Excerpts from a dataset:
····················
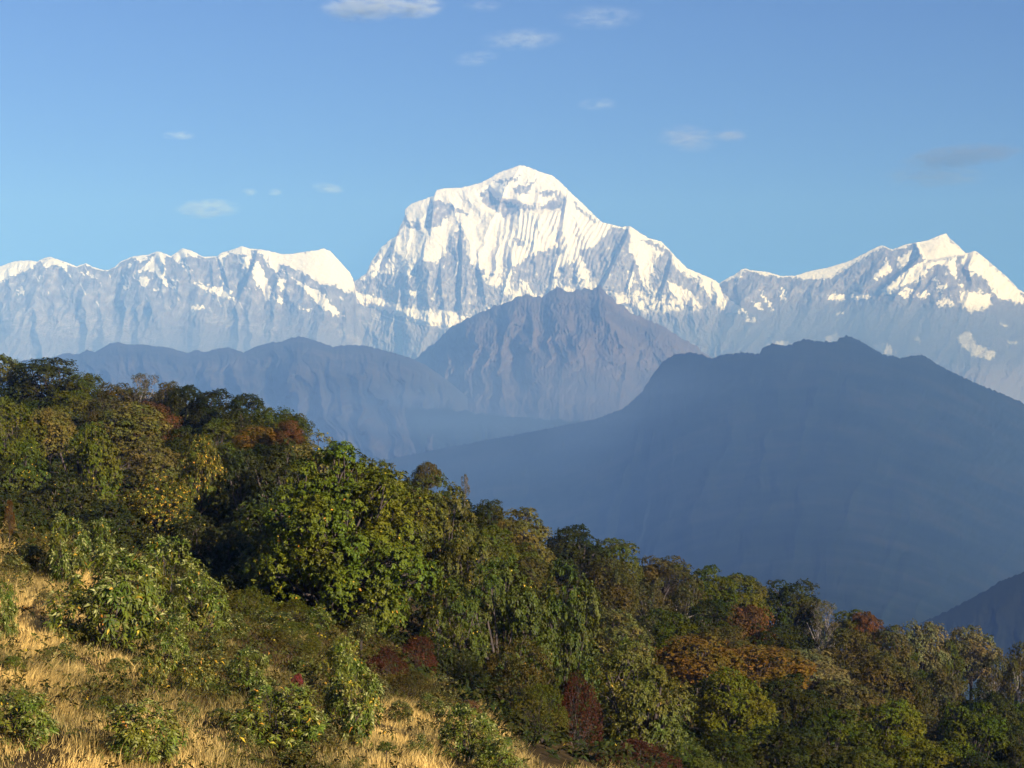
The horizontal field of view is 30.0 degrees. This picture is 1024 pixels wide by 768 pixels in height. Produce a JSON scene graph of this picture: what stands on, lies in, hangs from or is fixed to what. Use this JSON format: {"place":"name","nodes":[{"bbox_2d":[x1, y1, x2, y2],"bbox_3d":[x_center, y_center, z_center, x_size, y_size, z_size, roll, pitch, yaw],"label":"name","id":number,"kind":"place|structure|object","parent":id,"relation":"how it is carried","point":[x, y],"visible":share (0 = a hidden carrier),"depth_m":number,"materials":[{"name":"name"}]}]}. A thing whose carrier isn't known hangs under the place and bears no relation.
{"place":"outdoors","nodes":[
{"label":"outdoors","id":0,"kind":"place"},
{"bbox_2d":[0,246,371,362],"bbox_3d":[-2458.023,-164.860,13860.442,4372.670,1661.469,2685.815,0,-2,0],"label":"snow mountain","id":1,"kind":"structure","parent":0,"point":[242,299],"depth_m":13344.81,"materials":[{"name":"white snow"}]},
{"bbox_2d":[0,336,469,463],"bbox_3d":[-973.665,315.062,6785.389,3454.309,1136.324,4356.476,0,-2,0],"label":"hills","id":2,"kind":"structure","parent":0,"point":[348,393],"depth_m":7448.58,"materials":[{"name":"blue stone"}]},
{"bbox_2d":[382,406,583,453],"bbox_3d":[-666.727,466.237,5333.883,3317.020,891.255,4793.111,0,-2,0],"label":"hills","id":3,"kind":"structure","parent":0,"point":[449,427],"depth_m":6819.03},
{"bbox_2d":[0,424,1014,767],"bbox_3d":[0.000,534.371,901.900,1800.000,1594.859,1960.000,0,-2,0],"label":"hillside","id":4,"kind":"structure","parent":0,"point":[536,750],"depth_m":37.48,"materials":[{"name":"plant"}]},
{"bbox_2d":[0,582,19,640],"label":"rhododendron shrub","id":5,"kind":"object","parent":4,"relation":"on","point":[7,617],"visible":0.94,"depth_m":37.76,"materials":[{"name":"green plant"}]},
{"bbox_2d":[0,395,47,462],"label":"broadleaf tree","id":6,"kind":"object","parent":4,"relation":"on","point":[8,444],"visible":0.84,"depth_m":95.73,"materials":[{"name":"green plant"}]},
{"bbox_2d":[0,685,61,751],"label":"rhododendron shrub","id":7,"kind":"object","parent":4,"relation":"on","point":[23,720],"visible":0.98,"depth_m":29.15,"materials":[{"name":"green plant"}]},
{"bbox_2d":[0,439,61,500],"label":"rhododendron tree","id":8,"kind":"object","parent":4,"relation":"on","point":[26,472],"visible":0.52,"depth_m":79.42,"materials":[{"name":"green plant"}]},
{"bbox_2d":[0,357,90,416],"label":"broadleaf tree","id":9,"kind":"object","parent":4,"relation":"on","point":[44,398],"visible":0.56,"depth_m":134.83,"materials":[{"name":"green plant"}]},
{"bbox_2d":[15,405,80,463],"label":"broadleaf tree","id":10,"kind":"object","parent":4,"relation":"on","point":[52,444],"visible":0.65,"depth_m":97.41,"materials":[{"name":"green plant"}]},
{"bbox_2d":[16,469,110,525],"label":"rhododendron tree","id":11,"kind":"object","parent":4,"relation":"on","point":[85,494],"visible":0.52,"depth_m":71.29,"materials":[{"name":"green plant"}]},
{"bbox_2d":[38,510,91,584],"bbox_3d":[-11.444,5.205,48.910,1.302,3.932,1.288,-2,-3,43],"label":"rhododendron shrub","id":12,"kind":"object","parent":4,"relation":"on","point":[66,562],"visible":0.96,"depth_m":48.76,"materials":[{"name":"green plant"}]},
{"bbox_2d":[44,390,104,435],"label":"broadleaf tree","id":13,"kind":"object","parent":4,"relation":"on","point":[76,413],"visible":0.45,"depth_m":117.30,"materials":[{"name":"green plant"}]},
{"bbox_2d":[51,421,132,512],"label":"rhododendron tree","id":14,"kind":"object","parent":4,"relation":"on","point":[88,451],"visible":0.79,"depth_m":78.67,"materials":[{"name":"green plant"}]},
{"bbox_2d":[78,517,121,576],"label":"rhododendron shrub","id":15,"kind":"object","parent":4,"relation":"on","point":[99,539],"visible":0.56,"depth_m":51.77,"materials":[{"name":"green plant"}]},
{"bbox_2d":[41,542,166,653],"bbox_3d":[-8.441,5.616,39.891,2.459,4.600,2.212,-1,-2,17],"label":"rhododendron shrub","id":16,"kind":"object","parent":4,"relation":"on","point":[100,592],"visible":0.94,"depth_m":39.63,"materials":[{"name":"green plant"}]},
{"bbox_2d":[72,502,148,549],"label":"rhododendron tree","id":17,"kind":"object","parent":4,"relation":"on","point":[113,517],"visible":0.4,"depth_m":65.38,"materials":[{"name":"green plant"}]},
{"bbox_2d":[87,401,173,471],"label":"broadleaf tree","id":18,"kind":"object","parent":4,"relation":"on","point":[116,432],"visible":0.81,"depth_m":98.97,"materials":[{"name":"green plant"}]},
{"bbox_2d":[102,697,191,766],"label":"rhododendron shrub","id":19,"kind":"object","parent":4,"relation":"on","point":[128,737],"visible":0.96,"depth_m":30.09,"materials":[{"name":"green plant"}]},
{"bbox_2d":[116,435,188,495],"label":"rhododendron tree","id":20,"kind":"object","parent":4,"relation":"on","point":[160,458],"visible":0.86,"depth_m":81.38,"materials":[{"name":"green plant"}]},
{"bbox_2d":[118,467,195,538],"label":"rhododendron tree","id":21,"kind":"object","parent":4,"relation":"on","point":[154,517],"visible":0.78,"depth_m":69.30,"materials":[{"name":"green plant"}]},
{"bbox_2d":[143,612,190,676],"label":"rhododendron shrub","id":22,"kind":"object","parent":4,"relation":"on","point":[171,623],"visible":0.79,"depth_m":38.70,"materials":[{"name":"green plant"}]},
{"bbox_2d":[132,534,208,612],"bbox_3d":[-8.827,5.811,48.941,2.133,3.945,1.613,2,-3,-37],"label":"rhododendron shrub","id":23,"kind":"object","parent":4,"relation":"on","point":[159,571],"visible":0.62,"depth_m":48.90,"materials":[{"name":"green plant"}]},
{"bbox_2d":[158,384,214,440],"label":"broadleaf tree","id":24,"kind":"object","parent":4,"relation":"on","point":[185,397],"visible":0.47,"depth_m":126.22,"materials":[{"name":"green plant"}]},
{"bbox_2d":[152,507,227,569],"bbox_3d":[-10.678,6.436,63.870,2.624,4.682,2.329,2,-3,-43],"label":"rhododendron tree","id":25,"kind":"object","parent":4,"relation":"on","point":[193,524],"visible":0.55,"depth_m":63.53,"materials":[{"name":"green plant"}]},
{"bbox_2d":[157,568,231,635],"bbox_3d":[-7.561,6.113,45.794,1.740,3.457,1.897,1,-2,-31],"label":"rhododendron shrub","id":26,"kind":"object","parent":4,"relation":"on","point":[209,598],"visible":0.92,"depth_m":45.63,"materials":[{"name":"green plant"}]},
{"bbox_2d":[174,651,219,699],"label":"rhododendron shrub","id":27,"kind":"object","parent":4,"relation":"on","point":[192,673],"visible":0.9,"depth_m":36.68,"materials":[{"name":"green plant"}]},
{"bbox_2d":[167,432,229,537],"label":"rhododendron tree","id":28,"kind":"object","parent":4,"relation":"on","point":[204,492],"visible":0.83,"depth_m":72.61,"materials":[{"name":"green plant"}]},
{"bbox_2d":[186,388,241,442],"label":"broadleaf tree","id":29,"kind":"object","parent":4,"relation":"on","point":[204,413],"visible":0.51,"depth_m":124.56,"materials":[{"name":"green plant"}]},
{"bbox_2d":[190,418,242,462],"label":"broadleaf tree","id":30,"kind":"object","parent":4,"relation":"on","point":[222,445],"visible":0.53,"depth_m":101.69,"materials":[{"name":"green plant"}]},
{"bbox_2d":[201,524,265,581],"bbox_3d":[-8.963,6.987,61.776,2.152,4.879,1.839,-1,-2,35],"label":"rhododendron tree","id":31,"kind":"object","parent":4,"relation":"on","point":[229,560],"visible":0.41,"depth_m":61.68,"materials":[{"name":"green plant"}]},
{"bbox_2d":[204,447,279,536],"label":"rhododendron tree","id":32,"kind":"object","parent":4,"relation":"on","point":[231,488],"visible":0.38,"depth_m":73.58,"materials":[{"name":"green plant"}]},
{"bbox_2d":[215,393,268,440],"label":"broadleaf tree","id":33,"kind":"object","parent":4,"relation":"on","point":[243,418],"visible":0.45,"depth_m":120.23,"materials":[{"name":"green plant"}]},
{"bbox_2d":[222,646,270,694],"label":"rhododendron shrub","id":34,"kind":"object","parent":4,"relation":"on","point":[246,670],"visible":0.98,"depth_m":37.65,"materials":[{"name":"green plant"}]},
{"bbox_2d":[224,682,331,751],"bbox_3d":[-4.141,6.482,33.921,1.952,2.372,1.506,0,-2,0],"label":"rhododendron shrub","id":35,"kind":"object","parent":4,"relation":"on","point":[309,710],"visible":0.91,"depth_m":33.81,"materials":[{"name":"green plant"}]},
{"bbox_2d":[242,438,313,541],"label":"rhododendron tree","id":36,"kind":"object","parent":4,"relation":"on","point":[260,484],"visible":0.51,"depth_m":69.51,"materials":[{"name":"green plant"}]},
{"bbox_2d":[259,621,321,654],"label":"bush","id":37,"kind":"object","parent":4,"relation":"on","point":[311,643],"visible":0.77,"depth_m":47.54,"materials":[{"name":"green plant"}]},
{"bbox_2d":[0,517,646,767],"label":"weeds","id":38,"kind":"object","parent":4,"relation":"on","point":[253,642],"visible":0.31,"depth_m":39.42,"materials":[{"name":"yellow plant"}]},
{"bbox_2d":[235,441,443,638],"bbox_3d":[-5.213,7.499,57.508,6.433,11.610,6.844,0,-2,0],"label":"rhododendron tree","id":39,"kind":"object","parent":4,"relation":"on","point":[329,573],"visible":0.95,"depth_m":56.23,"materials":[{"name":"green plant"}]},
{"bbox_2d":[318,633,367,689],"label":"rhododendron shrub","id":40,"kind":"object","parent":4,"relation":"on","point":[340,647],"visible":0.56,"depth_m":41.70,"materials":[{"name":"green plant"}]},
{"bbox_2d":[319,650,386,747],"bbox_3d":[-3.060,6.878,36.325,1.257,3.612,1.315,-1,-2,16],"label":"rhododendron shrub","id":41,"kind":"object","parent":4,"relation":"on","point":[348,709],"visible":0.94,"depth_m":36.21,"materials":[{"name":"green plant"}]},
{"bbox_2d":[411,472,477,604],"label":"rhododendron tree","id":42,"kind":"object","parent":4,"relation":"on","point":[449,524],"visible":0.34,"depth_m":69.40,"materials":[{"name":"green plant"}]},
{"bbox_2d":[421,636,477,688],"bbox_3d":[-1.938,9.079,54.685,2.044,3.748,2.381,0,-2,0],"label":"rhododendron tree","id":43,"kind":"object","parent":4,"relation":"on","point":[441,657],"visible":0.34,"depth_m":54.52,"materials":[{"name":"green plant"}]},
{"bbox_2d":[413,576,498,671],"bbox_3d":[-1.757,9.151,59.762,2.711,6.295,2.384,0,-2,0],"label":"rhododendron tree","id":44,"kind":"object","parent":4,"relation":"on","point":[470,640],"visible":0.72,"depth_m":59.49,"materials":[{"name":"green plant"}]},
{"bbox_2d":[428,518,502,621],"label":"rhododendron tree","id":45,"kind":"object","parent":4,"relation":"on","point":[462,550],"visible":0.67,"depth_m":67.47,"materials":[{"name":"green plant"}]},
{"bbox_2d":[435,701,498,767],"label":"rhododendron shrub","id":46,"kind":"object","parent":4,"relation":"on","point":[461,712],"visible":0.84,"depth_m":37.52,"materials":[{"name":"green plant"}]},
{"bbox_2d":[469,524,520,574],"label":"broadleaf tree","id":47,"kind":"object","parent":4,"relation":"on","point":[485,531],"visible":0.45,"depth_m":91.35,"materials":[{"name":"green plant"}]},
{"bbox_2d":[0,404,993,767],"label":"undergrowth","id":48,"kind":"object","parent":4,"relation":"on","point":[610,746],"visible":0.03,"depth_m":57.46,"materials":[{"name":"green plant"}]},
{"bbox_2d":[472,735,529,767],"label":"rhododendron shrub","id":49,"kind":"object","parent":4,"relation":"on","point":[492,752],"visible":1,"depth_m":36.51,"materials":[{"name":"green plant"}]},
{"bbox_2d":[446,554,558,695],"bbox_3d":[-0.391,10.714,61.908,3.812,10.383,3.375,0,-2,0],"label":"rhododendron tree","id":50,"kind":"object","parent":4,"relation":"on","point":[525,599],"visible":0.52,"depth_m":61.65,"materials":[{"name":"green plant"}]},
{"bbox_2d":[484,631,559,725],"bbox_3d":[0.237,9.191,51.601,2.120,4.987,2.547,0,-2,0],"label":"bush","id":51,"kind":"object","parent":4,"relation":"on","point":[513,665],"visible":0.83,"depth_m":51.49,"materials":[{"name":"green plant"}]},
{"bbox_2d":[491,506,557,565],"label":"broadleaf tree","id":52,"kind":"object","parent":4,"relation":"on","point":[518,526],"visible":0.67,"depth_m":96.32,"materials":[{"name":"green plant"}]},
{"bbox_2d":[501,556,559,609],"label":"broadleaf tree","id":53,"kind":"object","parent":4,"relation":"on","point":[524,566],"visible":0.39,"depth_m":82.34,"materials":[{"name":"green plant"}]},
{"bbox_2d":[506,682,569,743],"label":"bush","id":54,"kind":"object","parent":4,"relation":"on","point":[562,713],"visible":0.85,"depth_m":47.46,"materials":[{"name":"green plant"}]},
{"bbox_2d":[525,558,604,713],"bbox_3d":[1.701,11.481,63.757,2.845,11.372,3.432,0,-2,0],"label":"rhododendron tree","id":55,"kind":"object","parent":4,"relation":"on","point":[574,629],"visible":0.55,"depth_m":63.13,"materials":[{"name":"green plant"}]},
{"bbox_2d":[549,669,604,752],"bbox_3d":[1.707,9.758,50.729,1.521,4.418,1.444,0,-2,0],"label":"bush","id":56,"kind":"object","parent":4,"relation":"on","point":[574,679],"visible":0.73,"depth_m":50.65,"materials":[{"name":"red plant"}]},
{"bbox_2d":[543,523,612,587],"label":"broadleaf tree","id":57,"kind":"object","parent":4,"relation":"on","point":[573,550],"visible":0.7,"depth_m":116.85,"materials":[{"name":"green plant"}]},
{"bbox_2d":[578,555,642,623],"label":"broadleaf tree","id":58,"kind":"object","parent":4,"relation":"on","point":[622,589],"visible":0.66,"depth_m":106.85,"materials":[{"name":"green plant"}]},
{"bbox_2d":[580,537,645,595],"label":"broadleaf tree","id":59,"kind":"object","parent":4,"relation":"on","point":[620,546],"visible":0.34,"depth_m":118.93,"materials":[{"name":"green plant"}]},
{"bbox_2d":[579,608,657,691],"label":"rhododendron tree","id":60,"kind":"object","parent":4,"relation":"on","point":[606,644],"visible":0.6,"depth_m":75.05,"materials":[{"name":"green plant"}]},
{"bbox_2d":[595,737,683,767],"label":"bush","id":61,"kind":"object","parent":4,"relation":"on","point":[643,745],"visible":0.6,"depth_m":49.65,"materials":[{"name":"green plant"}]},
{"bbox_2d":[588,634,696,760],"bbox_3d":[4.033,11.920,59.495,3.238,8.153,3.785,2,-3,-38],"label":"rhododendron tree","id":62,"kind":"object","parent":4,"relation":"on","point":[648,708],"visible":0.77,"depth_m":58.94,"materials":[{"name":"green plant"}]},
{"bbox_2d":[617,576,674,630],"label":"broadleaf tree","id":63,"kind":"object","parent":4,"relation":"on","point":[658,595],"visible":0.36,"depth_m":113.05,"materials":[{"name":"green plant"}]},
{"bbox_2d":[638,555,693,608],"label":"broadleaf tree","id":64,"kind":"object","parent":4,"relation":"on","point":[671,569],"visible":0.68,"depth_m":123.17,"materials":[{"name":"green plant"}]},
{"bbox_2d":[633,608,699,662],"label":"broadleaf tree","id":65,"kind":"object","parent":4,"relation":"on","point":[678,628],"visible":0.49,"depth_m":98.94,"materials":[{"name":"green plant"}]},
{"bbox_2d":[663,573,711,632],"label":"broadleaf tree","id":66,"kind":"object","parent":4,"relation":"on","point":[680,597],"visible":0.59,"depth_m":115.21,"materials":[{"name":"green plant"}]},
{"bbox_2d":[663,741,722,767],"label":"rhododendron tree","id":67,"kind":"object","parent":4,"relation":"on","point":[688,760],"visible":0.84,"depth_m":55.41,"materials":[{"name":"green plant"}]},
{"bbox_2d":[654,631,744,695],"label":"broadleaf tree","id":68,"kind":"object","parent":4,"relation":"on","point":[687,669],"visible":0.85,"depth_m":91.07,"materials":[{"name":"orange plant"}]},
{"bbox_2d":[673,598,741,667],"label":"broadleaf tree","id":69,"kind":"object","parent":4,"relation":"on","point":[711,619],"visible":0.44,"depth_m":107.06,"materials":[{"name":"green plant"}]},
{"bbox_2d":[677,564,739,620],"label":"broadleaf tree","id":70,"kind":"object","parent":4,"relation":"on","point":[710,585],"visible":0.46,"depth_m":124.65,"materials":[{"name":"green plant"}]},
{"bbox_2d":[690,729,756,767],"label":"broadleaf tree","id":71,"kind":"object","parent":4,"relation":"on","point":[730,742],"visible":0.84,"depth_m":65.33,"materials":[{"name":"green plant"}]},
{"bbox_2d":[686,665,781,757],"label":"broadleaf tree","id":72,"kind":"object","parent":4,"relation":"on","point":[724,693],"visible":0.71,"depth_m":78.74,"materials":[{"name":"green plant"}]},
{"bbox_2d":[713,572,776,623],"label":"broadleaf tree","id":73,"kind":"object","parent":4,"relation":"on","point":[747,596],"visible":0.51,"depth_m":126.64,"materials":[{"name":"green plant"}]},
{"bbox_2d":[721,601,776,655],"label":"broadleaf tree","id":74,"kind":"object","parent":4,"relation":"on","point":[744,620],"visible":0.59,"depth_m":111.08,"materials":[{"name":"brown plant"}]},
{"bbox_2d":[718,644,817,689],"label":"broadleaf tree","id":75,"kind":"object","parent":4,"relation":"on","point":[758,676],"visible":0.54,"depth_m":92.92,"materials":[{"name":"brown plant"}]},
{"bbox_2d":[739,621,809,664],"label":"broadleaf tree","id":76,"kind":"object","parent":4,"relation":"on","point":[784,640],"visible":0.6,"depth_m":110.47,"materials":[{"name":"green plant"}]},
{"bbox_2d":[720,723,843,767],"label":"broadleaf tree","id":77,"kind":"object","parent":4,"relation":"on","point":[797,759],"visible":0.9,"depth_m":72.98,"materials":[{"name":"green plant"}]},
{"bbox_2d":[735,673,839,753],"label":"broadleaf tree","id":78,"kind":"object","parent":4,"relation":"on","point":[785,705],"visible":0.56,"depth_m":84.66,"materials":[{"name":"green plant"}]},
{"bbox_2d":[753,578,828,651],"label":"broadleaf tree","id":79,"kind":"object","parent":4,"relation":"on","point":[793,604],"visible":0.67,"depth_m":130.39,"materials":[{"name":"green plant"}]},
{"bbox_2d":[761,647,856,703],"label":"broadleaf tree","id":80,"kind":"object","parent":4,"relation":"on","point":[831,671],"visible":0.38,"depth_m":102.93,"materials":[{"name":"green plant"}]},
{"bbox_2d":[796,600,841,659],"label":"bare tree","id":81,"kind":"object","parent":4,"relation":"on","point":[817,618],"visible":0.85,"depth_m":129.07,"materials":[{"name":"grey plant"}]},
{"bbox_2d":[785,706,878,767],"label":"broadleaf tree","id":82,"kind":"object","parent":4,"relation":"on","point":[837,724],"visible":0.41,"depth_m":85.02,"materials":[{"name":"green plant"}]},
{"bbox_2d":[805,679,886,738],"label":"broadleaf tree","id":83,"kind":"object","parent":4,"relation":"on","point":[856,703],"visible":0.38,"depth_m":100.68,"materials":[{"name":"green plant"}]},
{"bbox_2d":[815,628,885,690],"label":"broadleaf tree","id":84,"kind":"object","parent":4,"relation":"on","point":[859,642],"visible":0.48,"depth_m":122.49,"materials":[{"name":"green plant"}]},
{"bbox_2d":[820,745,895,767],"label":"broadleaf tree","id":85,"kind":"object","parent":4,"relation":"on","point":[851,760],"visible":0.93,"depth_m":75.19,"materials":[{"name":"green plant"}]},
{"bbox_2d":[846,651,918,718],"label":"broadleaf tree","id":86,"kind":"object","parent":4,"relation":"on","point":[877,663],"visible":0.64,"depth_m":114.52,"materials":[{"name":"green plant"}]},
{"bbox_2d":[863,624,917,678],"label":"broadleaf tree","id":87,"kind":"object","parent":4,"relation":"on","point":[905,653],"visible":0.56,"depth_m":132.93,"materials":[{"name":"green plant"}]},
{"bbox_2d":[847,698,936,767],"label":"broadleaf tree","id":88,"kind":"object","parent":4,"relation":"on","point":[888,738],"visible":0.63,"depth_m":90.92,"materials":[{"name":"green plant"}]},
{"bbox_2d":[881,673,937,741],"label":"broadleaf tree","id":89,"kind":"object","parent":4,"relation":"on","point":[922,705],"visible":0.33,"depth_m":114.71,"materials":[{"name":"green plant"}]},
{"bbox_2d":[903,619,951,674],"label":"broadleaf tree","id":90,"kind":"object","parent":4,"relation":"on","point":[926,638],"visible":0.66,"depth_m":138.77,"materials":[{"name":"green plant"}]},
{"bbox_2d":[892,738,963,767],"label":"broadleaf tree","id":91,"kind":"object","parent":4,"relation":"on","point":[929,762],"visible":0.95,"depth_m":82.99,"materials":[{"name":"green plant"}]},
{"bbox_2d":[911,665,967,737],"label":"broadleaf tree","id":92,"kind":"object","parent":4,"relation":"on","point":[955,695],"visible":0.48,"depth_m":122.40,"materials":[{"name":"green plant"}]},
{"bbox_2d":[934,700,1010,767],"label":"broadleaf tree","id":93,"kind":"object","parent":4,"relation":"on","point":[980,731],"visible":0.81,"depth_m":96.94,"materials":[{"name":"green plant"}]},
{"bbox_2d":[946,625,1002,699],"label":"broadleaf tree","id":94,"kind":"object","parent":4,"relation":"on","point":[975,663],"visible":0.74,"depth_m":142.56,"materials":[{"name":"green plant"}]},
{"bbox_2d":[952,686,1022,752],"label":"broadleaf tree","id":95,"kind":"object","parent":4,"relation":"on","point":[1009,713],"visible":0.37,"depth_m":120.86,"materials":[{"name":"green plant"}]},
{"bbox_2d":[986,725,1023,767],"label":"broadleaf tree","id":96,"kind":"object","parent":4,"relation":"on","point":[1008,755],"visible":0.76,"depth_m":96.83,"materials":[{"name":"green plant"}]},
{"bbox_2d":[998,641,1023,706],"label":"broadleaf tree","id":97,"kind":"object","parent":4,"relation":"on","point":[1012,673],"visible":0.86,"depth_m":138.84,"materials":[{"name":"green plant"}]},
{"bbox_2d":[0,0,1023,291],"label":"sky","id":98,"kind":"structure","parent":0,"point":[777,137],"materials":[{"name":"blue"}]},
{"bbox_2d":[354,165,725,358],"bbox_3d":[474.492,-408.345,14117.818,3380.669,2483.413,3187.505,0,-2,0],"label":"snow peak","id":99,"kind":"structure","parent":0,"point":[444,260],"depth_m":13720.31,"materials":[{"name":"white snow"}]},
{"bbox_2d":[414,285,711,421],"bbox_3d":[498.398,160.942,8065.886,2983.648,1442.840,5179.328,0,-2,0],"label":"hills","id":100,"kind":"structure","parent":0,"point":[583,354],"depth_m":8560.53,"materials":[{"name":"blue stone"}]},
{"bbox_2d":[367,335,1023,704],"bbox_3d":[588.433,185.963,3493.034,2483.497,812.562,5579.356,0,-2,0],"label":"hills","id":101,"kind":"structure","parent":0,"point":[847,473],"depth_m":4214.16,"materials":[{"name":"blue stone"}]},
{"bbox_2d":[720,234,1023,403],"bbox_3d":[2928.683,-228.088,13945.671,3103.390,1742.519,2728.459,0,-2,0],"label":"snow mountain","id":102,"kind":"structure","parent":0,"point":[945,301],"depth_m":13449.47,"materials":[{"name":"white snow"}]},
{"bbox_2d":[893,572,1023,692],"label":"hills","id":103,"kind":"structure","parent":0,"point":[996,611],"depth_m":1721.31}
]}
····················
What to do: Which lines of the records above contain the word "bush"? Report each one in full.

Response:
{"bbox_2d":[259,621,321,654],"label":"bush","id":37,"kind":"object","parent":4,"relation":"on","point":[311,643],"visible":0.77,"depth_m":47.54,"materials":[{"name":"green plant"}]},
{"bbox_2d":[484,631,559,725],"bbox_3d":[0.237,9.191,51.601,2.120,4.987,2.547,0,-2,0],"label":"bush","id":51,"kind":"object","parent":4,"relation":"on","point":[513,665],"visible":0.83,"depth_m":51.49,"materials":[{"name":"green plant"}]},
{"bbox_2d":[506,682,569,743],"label":"bush","id":54,"kind":"object","parent":4,"relation":"on","point":[562,713],"visible":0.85,"depth_m":47.46,"materials":[{"name":"green plant"}]},
{"bbox_2d":[549,669,604,752],"bbox_3d":[1.707,9.758,50.729,1.521,4.418,1.444,0,-2,0],"label":"bush","id":56,"kind":"object","parent":4,"relation":"on","point":[574,679],"visible":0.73,"depth_m":50.65,"materials":[{"name":"red plant"}]},
{"bbox_2d":[595,737,683,767],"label":"bush","id":61,"kind":"object","parent":4,"relation":"on","point":[643,745],"visible":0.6,"depth_m":49.65,"materials":[{"name":"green plant"}]},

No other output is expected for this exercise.